How to complete this task: Images don't belong in the copy. Output the rest of the data exactly.

#####

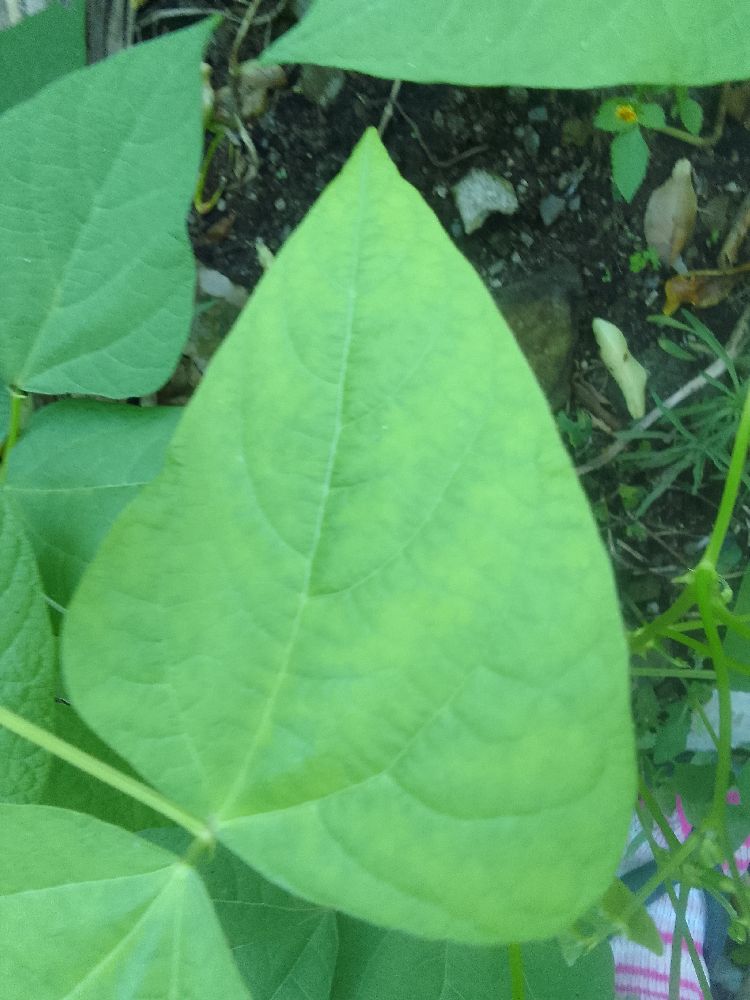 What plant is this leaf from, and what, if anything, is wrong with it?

common bean, healthy
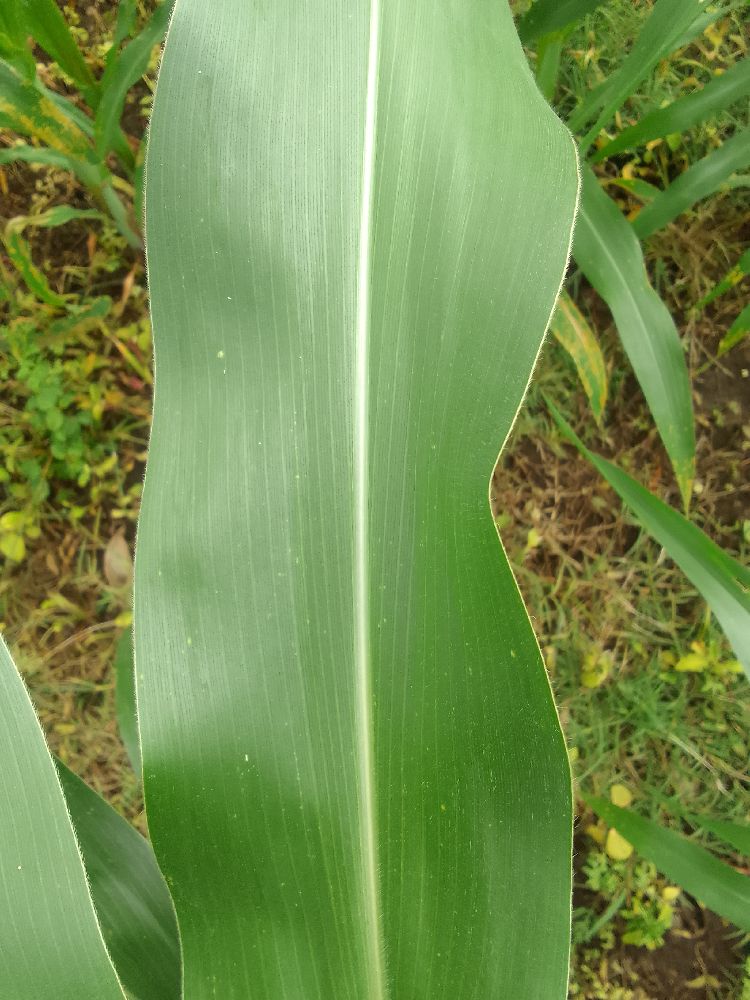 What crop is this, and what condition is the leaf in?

maize, healthy
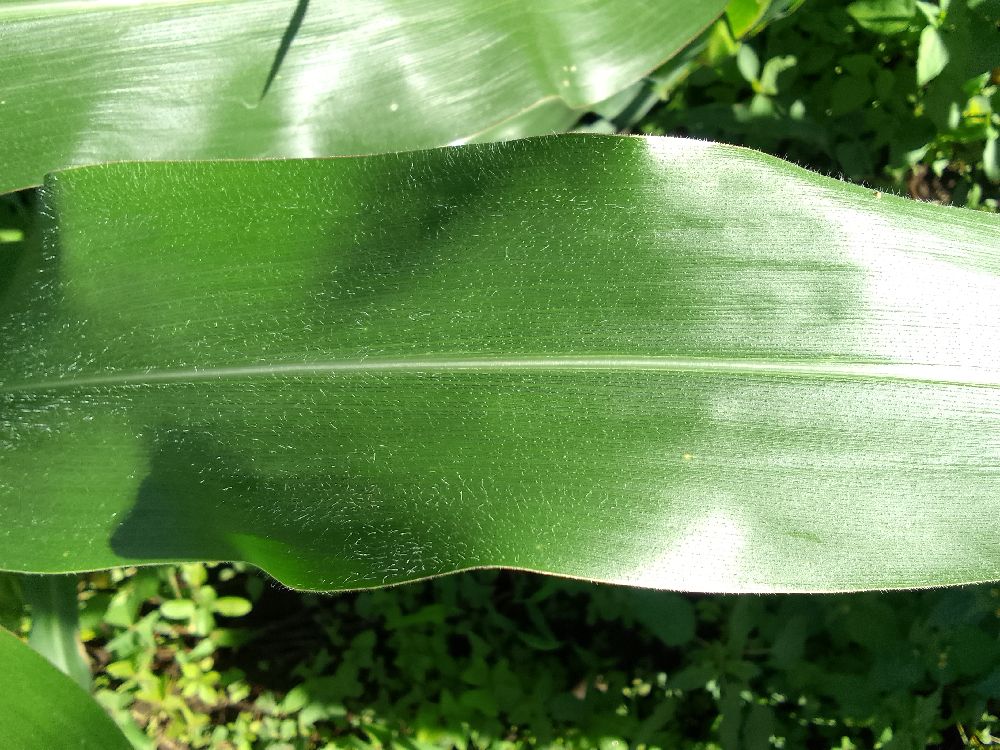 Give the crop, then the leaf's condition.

#####

Output:
 What plant is this leaf from, and what, if anything, is wrong with it?

common bean, healthy
 What crop is this, and what condition is the leaf in?

maize, healthy
 Give the crop, then the leaf's condition.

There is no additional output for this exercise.